# Mpg??



## campntn (Feb 20, 2005)

New from popup towing, I'm curious..What's YOUR MPG???


----------



## jnk36jnk (Mar 9, 2004)

Getting 9 mpg towing and 16.5 without the TT.


----------



## camping479 (Aug 27, 2003)

10 towing in 3rd.

Mike


----------



## BigBadBrain (Aug 26, 2004)

I'm allergic to MSG.

Oh, wait.









Uh, I get 10 unless it is hilly of course.


----------



## johnp (Mar 15, 2004)

MPG

10 Towing at any speed

12-13 Without the trailer if I keep my foot tame









15-16 When my wife drives it (rarely)!!

John


----------



## chetlenox (Feb 3, 2004)

11-12.5 Towing (depending on how far down my foot goes)
16.5 In town
19.5 Highway

Chet.


----------



## vdub (Jun 19, 2004)

10 on any hill any where when towing
22-24 on highway
never driven in town -- hope it stays that way.


----------



## shake1969 (Sep 21, 2004)

7 or 8. 15 Hwy, not towing.

Not counting wind. Your mileage may vary. Mine sure does!

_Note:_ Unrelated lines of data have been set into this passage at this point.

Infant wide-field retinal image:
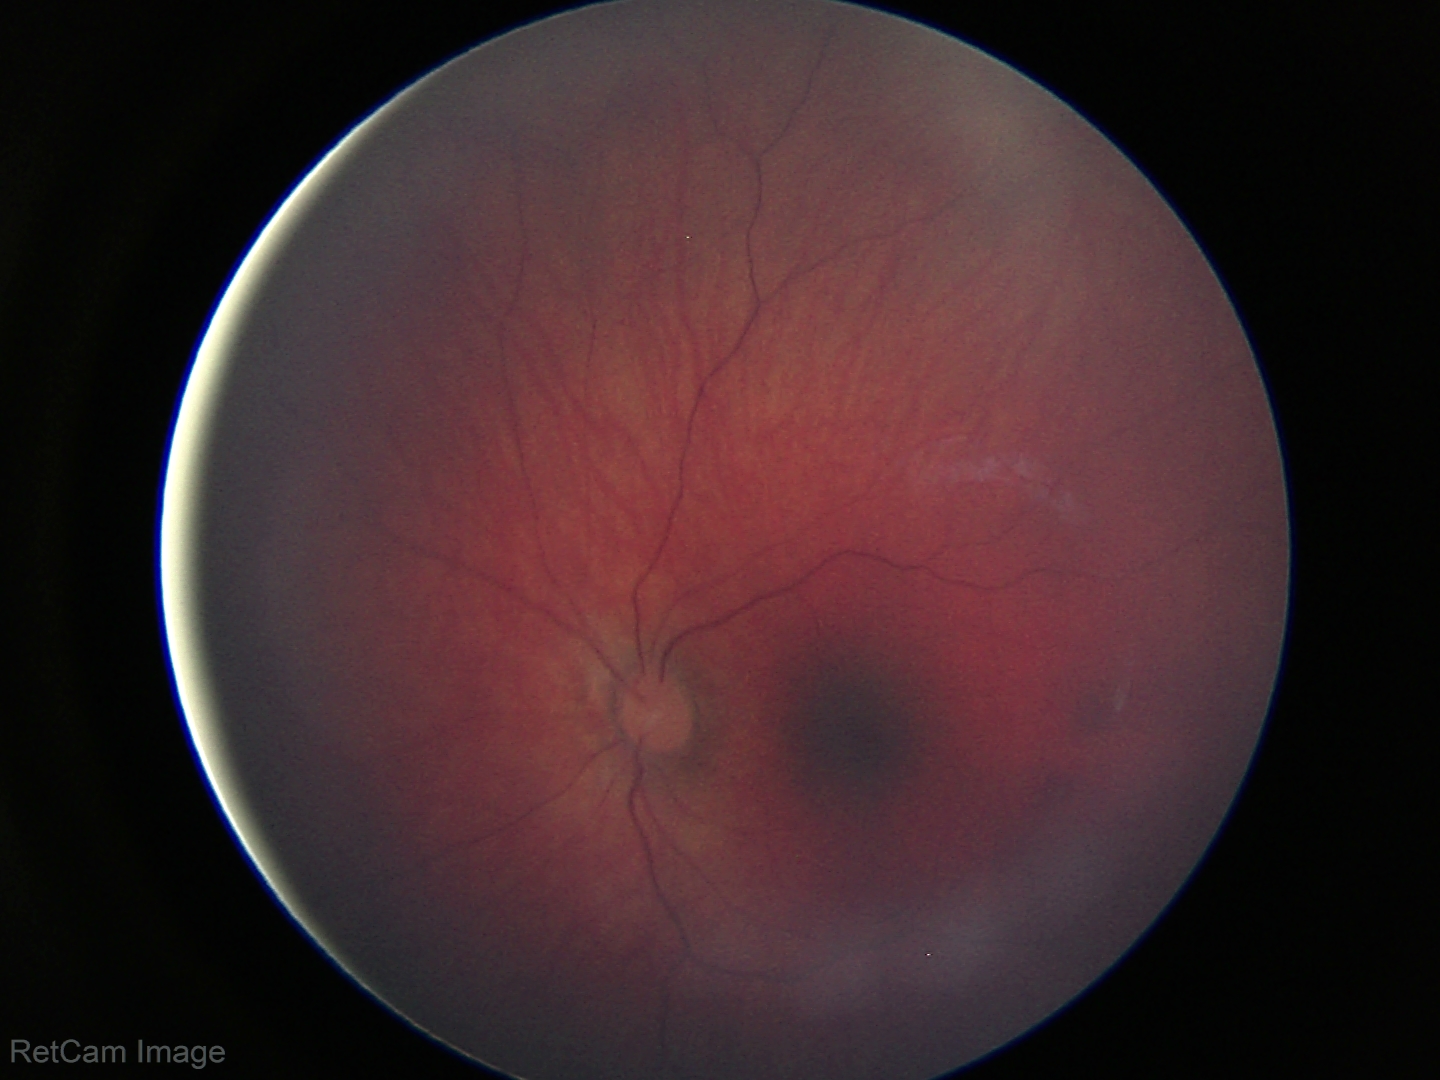
Normal screening examination.
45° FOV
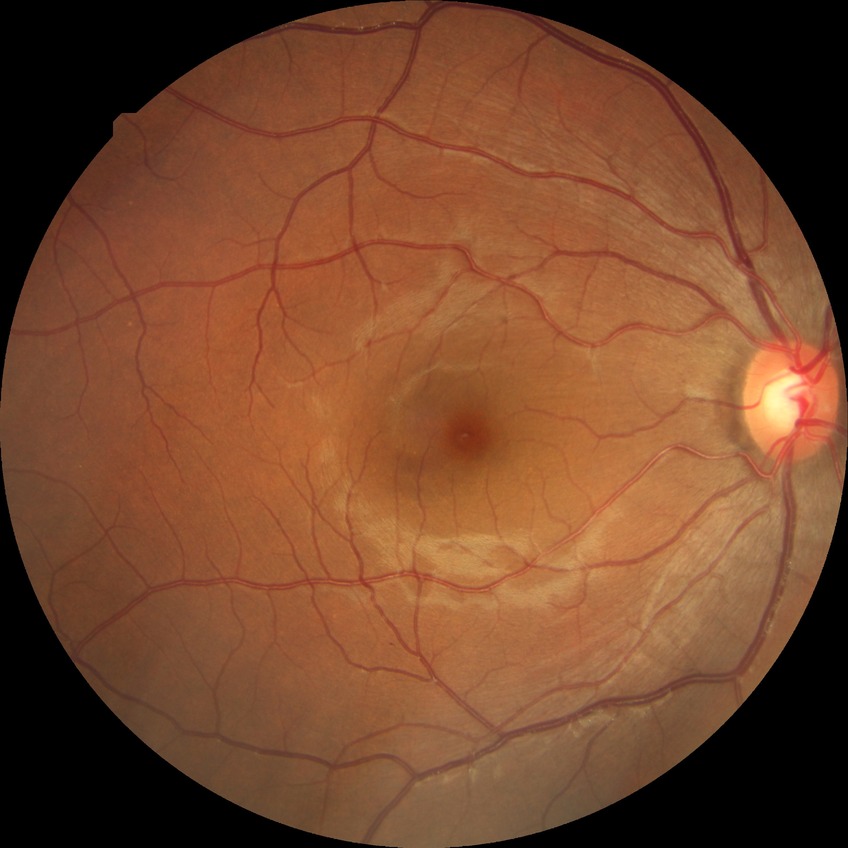

Modified Davis classification is no diabetic retinopathy.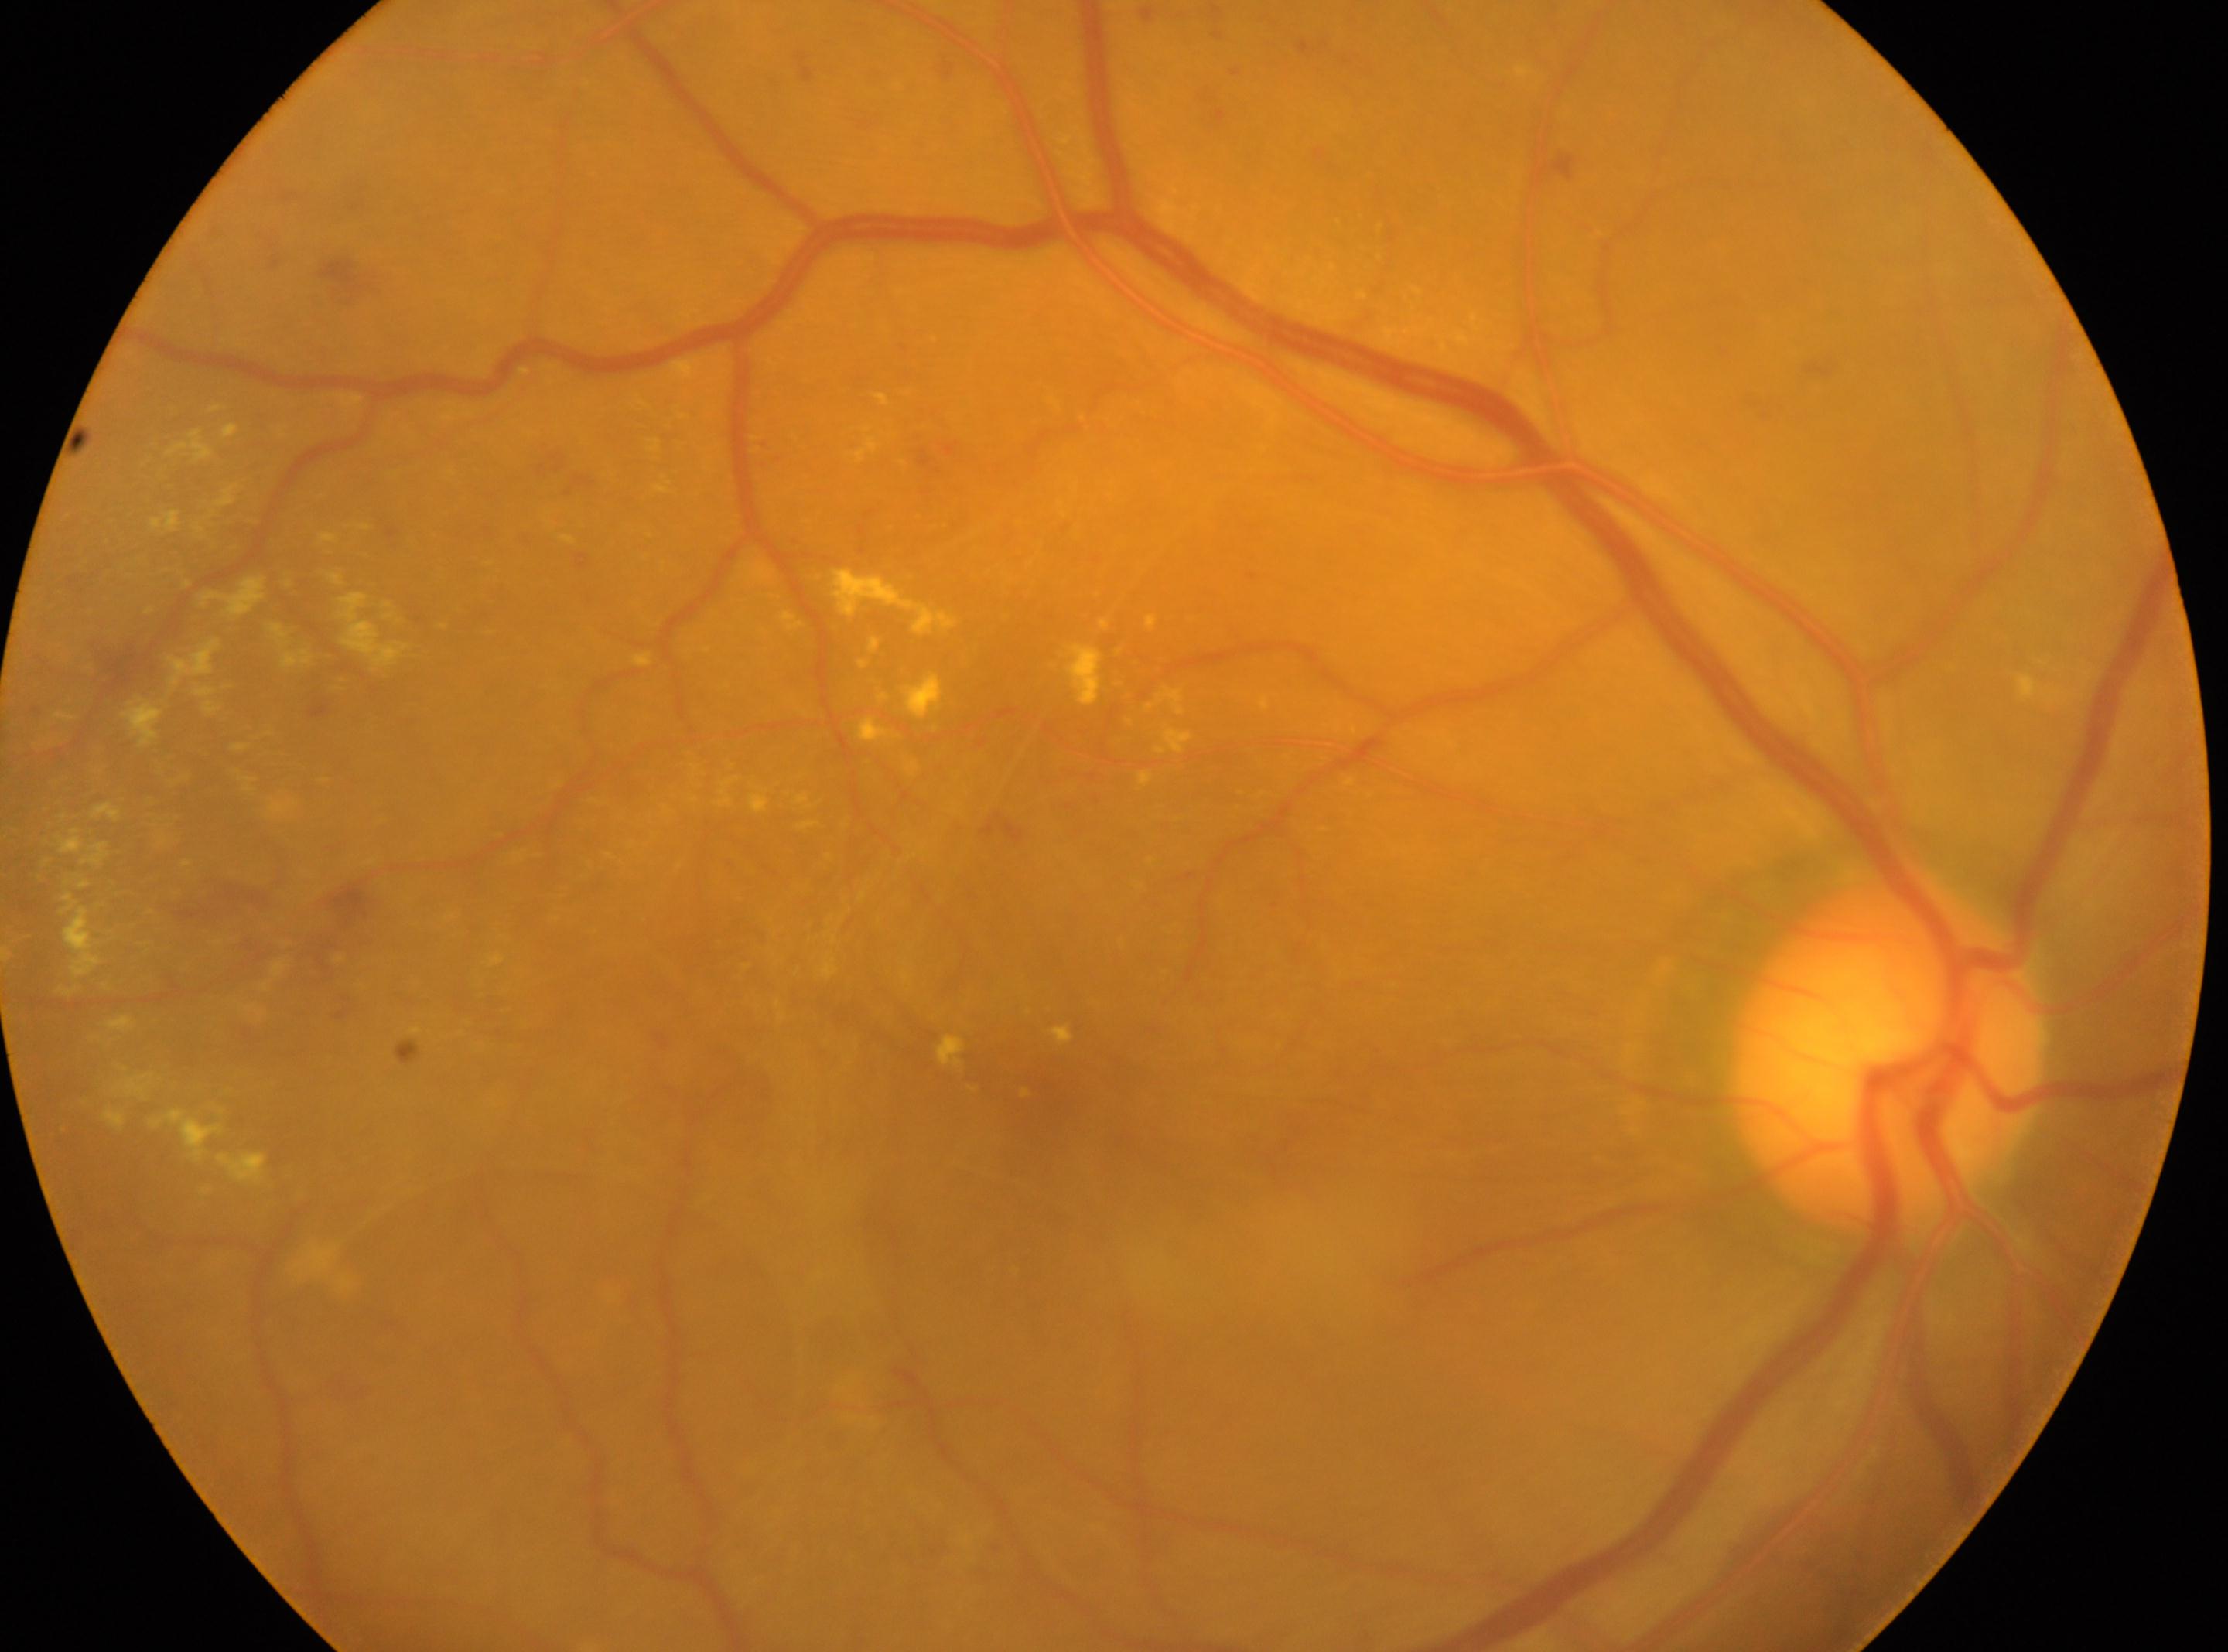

Oh yeah, the Volvo gets about 27mpg, but doesn't pull the 21 very well.


----------



## California Jim (Dec 11, 2003)

8 towing, 14.5 without.


----------



## Castle Rock Outbackers (Jan 18, 2004)

10 towing

14 not towing.

Randy


----------



## dmbcfd (Sep 8, 2004)

7 towing









12 not towing









Time for a diesel









Steve


----------



## camping479 (Aug 27, 2003)

Steve,

What happened to all that what a great old truck, keep making extra payments on the mortgage you don't need a new truck stuff?









Mike


----------



## Drifter (Aug 22, 2004)

I don't know. I'm having trouble finding the starter on the trailer.


----------



## dmbcfd (Sep 8, 2004)

Mike,
I know it's time for a new truck, I just won't break down and do it until the truck really breaks down. I hope it lasts another year or two. Now I have an oil leak from the head gasket. I call it the continuous oil change. Wish me luck.

Besides, haven't you figured out yet that I'm full of it, most of the time.

Steve


----------



## hatcityhosehauler (Feb 13, 2004)

12.8 overall average.....
8-10 while towing......
11-13 around town, depending on how much snow has fallen, and little snow the city has cleared....4x4 uses more gas...
14-18 highway, depending on speed, and terrain. I just got 18.8 mpg, averaging 71 mph in the low country of SC, NO HILLS.
yes, I am a little OCD when it comes to tracking mileage....

Mike, and Steve, we are going to have a lot of fun in Garrettsville, I can see that already.

Tim


----------



## mjwencl (Feb 25, 2004)

10-11mpg Towing at 60mph average

16.5mpg Not Towing at 65mph average

Speed makes a lot of difference in your mpg numbers.

My Crewcab alone gets 19.5 at 55mph when not bucking a head wind.

Cheers!


----------



## mswalt (Sep 14, 2004)

I think I get about 9 or 10 towing.

Only about 14 non towing.

That 8.1L likes G-A-S............mmmmmmmmmmmmmmmmm.

Mark


----------



## BigBadBrain (Aug 26, 2004)

Regular - $2.05 today


----------



## TheBoyds (Jan 1, 2005)

13 to 14 while towing
18 overall


----------



## tdvffjohn (Mar 10, 2005)

96 burb 454 
never have to figure out towing or not I go 340 miles takes 34 gallons 250 miles takes 25 gallons
exception coming home from michigan not towing we were going 85 to 90 for 3 hrs straight I got 13.1 mpg still trying to figure that one out


----------



## specialcampers (Feb 26, 2005)

We also moved up from a pop-up.
We get 20 alone
we got 15 with coleman mesa
we get 11 outback 25rss


----------